In perhaps his biggest philosophic split with Stevens, Bird also champions the end of federal handouts.

“This is what Stevens is famous for. He has kept our economy going through federal subsidies. You take a federal subsidy, you also get federal dependence and control,” Bird said. “It’s a short-term fix but a long-term loss. There are Constitutional things the federal government can do — military expenditures, post offices — that’s the kind of pork you’re entitled to.”

Bird said he realizes the prospect of drying up the well of federal funding in Alaska can be difficult to take, and he said it could be done gradually through sunset clauses. But it must be done, he said. “Ultimately, it’s killing all of us. We can’t continue to use the federal government as a source of income. We are loaded with resources here. I just want to see people make a livelihood, and you can’t do that without developing our resources.

“Alaska’s wonderful independent spirit has been stifled by federal handouts and by the frustration that nothing seems to change,” he said. “Both Begich and Stevens are offering more and more government. It’s like an alcoholic who thinks one more bottle of whiskey will cure his drunkenness.”

The Constitutional government Bird envisions would have states playing a larger role, taking over much of what the federal government does now. Disaster relief, health care, public works construction projects and the like could all be done on the state level. Power should be kept on a local level, closer to the people, he said.

“The more and more power government gets, the less and less it can actually hold the hearts and minds of the people,” he said.
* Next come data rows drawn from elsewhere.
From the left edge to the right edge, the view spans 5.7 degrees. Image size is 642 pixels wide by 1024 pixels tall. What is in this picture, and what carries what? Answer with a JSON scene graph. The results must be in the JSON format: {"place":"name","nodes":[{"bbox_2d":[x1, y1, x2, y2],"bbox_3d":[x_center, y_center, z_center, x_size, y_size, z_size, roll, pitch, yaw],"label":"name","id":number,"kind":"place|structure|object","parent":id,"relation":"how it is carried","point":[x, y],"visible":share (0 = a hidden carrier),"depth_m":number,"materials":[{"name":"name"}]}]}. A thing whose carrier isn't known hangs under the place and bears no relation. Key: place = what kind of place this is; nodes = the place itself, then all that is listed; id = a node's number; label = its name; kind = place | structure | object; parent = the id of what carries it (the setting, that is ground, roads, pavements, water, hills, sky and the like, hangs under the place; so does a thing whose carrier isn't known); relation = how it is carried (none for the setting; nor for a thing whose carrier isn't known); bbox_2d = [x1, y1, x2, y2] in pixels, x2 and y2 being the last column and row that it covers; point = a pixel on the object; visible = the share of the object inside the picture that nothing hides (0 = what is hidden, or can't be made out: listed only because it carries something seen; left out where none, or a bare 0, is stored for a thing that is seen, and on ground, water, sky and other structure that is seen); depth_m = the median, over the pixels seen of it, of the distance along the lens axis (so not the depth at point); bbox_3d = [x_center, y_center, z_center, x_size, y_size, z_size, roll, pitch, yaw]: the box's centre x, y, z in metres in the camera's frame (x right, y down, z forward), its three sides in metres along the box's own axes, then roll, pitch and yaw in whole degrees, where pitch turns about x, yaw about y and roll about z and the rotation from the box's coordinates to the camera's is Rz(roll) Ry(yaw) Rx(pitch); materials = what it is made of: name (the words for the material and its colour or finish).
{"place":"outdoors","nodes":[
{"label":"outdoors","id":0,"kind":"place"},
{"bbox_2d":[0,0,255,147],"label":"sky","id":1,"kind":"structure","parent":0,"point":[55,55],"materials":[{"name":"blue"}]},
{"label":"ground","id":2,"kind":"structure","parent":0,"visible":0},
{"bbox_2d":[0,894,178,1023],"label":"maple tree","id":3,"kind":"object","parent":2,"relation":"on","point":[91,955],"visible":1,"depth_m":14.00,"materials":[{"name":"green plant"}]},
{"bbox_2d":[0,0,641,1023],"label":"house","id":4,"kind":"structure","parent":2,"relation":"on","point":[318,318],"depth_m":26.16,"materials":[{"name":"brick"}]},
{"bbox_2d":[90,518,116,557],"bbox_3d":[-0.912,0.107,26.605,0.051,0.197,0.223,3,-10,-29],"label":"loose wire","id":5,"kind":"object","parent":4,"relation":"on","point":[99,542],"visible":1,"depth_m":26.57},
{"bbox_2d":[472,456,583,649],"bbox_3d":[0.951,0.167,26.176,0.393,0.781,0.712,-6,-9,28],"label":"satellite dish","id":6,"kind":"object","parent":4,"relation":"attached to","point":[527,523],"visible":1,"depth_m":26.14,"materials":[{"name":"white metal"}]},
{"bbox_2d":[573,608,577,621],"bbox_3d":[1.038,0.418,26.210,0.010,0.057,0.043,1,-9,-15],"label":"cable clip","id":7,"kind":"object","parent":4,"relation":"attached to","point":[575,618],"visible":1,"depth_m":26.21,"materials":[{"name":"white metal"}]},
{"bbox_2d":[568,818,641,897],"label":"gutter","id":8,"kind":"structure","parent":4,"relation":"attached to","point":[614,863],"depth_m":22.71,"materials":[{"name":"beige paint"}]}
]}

Even at 221 years old, Bird said the Constitution is adequate to meet the challenges of today’s society.

“Human nature never changes. Since government is made up of human beings, it never changes,” he said.

The amendment process allows for change in the Constitution, should it be deemed necessary, Bird said. And the Bill of Rights already gives instructions for how the Constitution should be interpreted.
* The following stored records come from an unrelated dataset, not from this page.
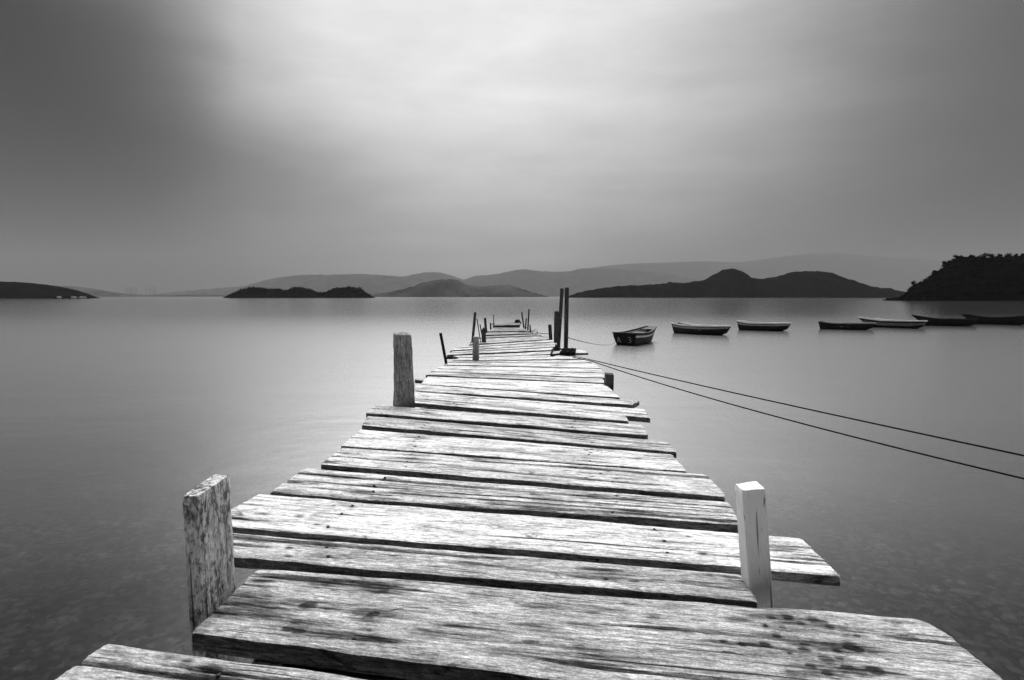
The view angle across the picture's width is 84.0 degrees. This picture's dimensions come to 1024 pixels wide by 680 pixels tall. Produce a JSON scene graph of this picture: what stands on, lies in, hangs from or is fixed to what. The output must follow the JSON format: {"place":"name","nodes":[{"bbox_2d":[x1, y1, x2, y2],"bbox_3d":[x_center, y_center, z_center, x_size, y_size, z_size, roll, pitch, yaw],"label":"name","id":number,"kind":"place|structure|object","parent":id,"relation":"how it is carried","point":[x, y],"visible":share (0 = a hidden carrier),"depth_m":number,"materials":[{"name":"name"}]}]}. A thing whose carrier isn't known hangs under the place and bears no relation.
{"place":"outdoors","nodes":[
{"label":"outdoors","id":0,"kind":"place"},
{"bbox_2d":[0,281,98,298],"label":"hills","id":1,"kind":"structure","parent":0,"point":[11,290],"depth_m":670.68,"materials":[{"name":"black"}]},
{"bbox_2d":[129,287,133,293],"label":"tower block","id":2,"kind":"structure","parent":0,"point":[131,290],"depth_m":14925.35,"materials":[{"name":"grey"}]},
{"bbox_2d":[52,285,226,296],"bbox_3d":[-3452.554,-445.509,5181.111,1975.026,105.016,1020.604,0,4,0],"label":"hills","id":3,"kind":"structure","parent":0,"point":[97,292],"depth_m":5018.81,"materials":[{"name":"grey"}]},
{"bbox_2d":[223,287,374,297],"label":"island","id":4,"kind":"structure","parent":0,"point":[340,293],"depth_m":859.00,"materials":[{"name":"black plant"}]},
{"bbox_2d":[227,286,370,295],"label":"woods","id":5,"kind":"object","parent":4,"relation":"on","point":[295,288],"visible":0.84,"depth_m":878.04,"materials":[{"name":"black plant"}]},
{"bbox_2d":[151,274,493,294],"bbox_3d":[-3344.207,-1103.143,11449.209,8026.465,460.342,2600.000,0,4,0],"label":"hills","id":6,"kind":"structure","parent":0,"point":[371,284],"depth_m":10757.17,"materials":[{"name":"grey"}]},
{"bbox_2d":[371,279,547,296],"bbox_3d":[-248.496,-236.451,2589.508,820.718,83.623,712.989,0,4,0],"label":"island","id":7,"kind":"structure","parent":0,"point":[446,288],"depth_m":2389.36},
{"bbox_2d":[0,297,1023,567],"bbox_3d":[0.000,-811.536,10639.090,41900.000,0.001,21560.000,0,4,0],"label":"water","id":8,"kind":"structure","parent":0,"point":[126,417],"depth_m":12.59,"materials":[{"name":"grey liquid"}]},
{"bbox_2d":[556,288,563,350],"bbox_3d":[0.627,0.958,8.319,0.053,3.417,0.052,3,4,0],"label":"mooring pole","id":9,"kind":"object","parent":8,"relation":"in","point":[560,317],"visible":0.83,"depth_m":8.20,"materials":[{"name":"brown wood"}]},
{"bbox_2d":[564,287,568,347],"bbox_3d":[0.709,1.008,7.663,0.059,3.420,0.058,1,4,0],"label":"mooring pole","id":10,"kind":"object","parent":8,"relation":"in","point":[566,308],"visible":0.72,"depth_m":7.54,"materials":[{"name":"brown wood"}]},
{"bbox_2d":[612,326,656,344],"bbox_3d":[6.166,-0.199,27.782,1.286,0.858,3.406,3,5,35],"label":"rowing boat","id":11,"kind":"object","parent":8,"relation":"on","point":[641,335],"visible":0.98,"depth_m":26.71,"materials":[{"name":"paint"}]},
{"bbox_2d":[671,322,731,334],"bbox_3d":[11.414,-0.636,34.255,1.316,0.743,3.632,-4,6,-42],"label":"rowing boat","id":12,"kind":"object","parent":8,"relation":"on","point":[681,327],"visible":0.92,"depth_m":33.82,"materials":[{"name":"paint"}]},
{"bbox_2d":[737,320,791,330],"bbox_3d":[16.810,-0.906,37.948,3.325,0.718,1.316,3,5,37],"label":"rowing boat","id":13,"kind":"object","parent":8,"relation":"on","point":[761,326],"visible":0.95,"depth_m":37.52,"materials":[{"name":"paint"}]},
{"bbox_2d":[818,320,875,329],"bbox_3d":[22.979,-0.982,39.099,3.448,0.694,1.266,3,5,33],"label":"rowing boat","id":14,"kind":"object","parent":8,"relation":"on","point":[846,325],"visible":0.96,"depth_m":38.71,"materials":[{"name":"paint"}]},
{"bbox_2d":[857,317,927,328],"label":"rowing boat","id":15,"kind":"object","parent":8,"relation":"on","point":[888,323],"visible":0.92,"depth_m":40.72,"materials":[{"name":"paint"}]},
{"bbox_2d":[911,315,977,325],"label":"rowing boat","id":16,"kind":"object","parent":8,"relation":"on","point":[948,322],"visible":0.94,"depth_m":43.54,"materials":[{"name":"black paint"}]},
{"bbox_2d":[961,313,1023,324],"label":"rowing boat","id":17,"kind":"object","parent":8,"relation":"on","point":[1013,320],"visible":0.94,"depth_m":45.52,"materials":[{"name":"black paint"}]},
{"bbox_2d":[0,512,1023,679],"bbox_3d":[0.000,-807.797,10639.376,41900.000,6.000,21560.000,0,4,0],"label":"seabed","id":18,"kind":"structure","parent":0,"point":[61,614],"depth_m":6.12,"materials":[{"name":"stone"}]},
{"bbox_2d":[439,333,447,363],"bbox_3d":[-0.544,1.344,6.451,0.035,2.902,0.033,-10,4,1],"label":"leaning stake","id":19,"kind":"object","parent":18,"relation":"on","point":[443,348],"visible":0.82,"depth_m":6.34,"materials":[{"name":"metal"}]},
{"bbox_2d":[471,312,476,342],"bbox_3d":[-0.756,1.050,9.496,0.048,3.047,0.044,6,4,0],"label":"leaning pole","id":20,"kind":"object","parent":18,"relation":"on","point":[474,323],"visible":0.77,"depth_m":9.38,"materials":[{"name":"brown wood"}]},
{"bbox_2d":[55,310,1001,679],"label":"pier","id":21,"kind":"structure","parent":18,"relation":"on","point":[509,500],"depth_m":1.55,"materials":[{"name":"grey wood"}]},
{"bbox_2d":[550,347,575,355],"bbox_3d":[0.651,0.118,7.658,0.341,0.104,1.112,0,4,0],"label":"rope coil","id":22,"kind":"object","parent":21,"relation":"on","point":[567,351],"visible":1,"depth_m":7.21,"materials":[{"name":"black fabric"}]},
{"bbox_2d":[573,357,1023,479],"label":"mooring rope","id":23,"kind":"object","parent":21,"relation":"attached to","point":[826,429],"visible":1,"depth_m":3.80,"materials":[{"name":"black fabric"}]},
{"bbox_2d":[573,356,1023,456],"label":"mooring rope","id":24,"kind":"object","parent":21,"relation":"attached to","point":[829,413],"visible":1,"depth_m":3.77,"materials":[{"name":"black fabric"}]},
{"bbox_2d":[527,309,529,330],"bbox_3d":[0.288,0.813,12.816,0.038,3.020,0.036,3,4,0],"label":"mooring pole","id":25,"kind":"object","parent":18,"relation":"in","point":[528,319],"visible":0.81,"depth_m":12.71,"materials":[{"name":"grey wood"}]},
{"bbox_2d":[0,0,1023,294],"label":"sky","id":26,"kind":"structure","parent":0,"point":[169,146],"materials":[{"name":"grey"}]},
{"bbox_2d":[403,268,700,296],"bbox_3d":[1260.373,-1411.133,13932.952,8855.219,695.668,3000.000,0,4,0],"label":"hills","id":27,"kind":"structure","parent":0,"point":[548,284],"depth_m":13113.63,"materials":[{"name":"grey"}]},
{"bbox_2d":[569,268,905,297],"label":"island","id":28,"kind":"structure","parent":0,"point":[731,283],"depth_m":1052.47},
{"bbox_2d":[594,253,946,291],"bbox_3d":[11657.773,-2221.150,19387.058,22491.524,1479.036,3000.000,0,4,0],"label":"hills","id":29,"kind":"structure","parent":0,"point":[898,274],"depth_m":18649.84,"materials":[{"name":"grey"}]},
{"bbox_2d":[883,257,1023,300],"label":"headland","id":30,"kind":"structure","parent":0,"point":[964,283],"depth_m":295.87,"materials":[{"name":"black plant"}]},
{"bbox_2d":[897,254,1023,299],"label":"woods","id":31,"kind":"object","parent":30,"relation":"on","point":[943,271],"visible":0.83,"depth_m":306.06,"materials":[{"name":"black plant"}]}
]}

“The Ninth and 10th Amendments tell you how to interpret it — loosely for personal liberties and strictly for federal power, and right now we’re working the opposite, aren’t we? We use the government for just about anything we can dream up,” he said.
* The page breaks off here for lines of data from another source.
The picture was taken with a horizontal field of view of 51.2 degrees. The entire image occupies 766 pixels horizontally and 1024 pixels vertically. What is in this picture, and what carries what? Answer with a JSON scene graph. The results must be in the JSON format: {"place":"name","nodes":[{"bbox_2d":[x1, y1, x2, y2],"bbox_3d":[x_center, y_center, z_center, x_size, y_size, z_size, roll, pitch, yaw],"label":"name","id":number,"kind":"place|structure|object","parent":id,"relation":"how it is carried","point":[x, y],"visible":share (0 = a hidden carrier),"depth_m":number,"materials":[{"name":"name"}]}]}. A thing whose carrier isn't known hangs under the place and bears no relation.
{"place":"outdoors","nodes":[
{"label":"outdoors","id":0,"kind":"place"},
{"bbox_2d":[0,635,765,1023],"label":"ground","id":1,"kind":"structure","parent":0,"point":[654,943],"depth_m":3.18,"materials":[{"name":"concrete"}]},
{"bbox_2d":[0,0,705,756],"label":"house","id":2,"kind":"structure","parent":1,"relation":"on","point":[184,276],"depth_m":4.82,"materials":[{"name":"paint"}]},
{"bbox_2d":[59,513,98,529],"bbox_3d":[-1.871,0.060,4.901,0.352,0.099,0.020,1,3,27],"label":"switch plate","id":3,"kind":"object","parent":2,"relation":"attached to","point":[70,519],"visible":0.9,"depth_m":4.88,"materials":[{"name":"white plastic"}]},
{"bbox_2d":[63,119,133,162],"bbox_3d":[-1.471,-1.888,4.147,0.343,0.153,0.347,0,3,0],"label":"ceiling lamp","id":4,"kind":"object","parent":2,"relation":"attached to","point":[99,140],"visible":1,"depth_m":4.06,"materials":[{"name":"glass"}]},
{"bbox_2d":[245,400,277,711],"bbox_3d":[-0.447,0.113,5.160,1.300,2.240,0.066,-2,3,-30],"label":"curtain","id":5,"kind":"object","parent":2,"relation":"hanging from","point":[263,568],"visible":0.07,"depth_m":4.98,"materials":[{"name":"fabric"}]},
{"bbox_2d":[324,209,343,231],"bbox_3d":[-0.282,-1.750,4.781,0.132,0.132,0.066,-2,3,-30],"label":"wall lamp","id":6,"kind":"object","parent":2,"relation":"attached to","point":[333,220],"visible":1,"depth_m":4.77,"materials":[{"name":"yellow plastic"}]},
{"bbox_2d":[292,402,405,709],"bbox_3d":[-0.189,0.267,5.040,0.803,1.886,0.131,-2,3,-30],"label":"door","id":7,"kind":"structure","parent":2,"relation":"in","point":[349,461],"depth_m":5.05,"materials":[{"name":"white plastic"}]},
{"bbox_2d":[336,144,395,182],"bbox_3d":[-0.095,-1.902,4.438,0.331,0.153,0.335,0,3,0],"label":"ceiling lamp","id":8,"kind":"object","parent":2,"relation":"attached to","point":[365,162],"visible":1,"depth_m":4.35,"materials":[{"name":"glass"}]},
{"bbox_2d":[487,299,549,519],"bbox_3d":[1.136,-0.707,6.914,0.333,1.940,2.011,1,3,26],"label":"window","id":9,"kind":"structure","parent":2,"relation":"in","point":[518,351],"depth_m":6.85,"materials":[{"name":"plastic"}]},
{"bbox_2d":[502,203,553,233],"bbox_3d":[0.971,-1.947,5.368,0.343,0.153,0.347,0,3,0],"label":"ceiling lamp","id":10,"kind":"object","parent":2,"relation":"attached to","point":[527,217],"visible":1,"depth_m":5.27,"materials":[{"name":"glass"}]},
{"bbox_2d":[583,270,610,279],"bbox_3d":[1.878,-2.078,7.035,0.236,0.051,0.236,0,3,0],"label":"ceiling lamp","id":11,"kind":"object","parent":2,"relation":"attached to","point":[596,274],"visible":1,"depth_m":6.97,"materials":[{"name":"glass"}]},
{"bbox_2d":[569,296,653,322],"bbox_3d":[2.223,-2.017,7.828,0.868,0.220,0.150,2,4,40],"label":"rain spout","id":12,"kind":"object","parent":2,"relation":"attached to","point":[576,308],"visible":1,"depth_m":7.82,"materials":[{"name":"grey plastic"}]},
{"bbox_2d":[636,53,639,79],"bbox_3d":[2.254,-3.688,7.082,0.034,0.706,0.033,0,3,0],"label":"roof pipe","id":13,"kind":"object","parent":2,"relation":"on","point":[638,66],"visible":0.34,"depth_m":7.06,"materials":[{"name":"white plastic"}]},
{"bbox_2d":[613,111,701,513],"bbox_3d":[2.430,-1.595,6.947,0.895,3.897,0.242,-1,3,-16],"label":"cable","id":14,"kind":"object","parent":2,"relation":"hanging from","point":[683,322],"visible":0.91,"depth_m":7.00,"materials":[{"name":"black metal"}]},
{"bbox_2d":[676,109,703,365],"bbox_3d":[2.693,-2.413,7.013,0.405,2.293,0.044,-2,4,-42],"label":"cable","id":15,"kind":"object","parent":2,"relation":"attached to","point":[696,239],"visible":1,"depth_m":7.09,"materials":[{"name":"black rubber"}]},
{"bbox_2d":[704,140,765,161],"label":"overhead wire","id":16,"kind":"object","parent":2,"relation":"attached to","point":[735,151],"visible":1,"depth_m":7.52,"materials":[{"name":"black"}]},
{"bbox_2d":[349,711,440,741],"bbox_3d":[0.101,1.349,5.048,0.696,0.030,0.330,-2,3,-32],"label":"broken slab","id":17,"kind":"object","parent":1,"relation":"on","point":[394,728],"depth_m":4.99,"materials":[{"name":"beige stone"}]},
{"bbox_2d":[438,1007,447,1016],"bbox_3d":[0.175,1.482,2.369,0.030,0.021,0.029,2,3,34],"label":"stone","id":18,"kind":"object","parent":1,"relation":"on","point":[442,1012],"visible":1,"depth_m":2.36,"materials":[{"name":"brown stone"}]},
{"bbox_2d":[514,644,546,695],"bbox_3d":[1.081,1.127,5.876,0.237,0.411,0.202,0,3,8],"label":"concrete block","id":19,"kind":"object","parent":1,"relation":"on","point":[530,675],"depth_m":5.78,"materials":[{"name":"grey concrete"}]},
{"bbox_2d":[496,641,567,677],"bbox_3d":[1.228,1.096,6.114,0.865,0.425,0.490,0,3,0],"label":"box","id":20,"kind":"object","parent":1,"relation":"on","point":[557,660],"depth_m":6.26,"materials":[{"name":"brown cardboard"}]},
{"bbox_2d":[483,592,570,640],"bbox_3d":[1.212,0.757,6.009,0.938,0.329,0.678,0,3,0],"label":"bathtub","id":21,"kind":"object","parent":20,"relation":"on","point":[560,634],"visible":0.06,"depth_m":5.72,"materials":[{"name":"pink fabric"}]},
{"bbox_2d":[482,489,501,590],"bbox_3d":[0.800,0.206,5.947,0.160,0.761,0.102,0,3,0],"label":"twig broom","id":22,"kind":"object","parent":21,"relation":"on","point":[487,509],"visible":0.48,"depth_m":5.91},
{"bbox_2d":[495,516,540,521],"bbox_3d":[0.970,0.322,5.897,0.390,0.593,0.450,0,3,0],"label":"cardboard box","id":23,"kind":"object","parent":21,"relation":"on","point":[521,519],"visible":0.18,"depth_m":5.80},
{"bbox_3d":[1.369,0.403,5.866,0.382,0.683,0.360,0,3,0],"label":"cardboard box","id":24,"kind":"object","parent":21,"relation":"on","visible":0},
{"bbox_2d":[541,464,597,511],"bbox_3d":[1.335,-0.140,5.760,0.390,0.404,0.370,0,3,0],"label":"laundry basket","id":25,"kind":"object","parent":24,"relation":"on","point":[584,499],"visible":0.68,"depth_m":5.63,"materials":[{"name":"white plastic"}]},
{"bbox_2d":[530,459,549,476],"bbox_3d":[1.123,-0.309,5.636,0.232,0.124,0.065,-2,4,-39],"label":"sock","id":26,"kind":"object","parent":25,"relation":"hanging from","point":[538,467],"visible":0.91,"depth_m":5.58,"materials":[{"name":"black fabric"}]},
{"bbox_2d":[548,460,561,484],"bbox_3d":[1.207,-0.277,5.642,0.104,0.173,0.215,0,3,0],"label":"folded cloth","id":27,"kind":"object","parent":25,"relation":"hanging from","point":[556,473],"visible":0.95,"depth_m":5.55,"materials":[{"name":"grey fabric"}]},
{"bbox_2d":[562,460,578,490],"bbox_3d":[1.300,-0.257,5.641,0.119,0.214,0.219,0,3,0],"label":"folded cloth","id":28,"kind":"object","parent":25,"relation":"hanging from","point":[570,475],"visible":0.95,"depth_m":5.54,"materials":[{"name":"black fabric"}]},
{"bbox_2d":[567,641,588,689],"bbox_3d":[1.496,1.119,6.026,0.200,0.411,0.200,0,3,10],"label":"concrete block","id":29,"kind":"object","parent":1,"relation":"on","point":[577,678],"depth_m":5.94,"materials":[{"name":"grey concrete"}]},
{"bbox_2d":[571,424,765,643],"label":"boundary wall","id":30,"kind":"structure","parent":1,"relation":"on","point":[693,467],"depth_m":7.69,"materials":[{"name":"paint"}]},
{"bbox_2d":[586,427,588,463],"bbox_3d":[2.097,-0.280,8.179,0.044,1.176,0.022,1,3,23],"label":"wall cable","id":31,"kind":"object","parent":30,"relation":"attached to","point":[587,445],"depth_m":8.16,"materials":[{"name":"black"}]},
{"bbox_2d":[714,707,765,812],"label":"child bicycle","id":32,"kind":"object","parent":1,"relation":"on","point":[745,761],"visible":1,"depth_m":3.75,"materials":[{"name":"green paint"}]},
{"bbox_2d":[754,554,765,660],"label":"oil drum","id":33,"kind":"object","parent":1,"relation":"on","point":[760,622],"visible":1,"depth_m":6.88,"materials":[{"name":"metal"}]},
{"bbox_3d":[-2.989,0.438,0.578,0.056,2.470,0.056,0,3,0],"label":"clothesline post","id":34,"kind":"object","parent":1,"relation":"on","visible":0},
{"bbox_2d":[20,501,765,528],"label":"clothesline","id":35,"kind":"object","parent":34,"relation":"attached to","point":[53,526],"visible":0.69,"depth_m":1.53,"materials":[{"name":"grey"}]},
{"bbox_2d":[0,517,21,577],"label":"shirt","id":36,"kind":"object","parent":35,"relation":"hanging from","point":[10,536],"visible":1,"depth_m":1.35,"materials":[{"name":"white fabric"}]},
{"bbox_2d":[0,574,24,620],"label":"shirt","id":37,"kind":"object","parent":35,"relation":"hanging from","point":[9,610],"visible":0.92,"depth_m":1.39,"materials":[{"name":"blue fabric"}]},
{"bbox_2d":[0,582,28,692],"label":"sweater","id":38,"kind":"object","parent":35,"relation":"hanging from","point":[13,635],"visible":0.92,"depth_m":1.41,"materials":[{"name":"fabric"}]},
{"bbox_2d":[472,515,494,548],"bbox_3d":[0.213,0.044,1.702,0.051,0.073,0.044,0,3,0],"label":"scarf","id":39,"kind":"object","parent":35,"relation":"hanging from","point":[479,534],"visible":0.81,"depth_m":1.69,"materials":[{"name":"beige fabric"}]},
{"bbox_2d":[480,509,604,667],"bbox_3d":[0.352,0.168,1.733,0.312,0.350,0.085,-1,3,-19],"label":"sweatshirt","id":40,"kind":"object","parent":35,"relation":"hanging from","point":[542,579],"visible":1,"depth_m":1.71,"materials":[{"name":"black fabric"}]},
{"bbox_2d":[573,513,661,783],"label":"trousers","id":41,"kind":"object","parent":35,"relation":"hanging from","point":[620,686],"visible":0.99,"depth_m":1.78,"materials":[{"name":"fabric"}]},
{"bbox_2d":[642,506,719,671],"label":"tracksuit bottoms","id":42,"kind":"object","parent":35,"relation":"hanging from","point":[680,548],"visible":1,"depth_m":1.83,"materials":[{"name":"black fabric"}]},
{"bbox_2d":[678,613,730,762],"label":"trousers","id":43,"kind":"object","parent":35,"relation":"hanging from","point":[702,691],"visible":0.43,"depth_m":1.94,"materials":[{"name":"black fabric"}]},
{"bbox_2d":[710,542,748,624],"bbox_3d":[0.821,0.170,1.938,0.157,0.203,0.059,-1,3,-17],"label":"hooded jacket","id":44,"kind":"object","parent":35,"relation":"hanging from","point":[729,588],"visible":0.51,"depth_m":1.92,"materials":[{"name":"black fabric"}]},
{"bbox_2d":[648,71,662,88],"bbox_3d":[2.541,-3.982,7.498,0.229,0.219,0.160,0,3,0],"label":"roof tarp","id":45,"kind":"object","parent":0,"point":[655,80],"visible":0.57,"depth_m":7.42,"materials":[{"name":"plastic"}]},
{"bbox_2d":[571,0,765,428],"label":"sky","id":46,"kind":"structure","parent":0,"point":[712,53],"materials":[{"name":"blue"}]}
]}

So far in his campaign, Bird has been frustrated in his attempts to get his message out to voters. He was ranked the nation’s top 2008 independent candidate by the Independent Political Report, but he says he’s been blacked out by mainstream media in Anchorage. He’s being outspent by leaps and bounds by both Stevens and Begich.

“My supporters are simple, humble working people who want freedom,” he said. “If I had $100,000 I would win this election, because the message is so different and unique that people instantly recognize it.”

Bird will continue his campaign, with plans to visit Southeast Alaska at the end of September and Fairbanks in the beginning of October. He’s currently scheduled to speak at the North Peninsula Chamber of Commerce luncheon on Oct. 9 and in a candidates forum held by the Kenai and Soldotna chambers on Oct. 21.

He said his message resonates with people, once they have an opportunity to hear it.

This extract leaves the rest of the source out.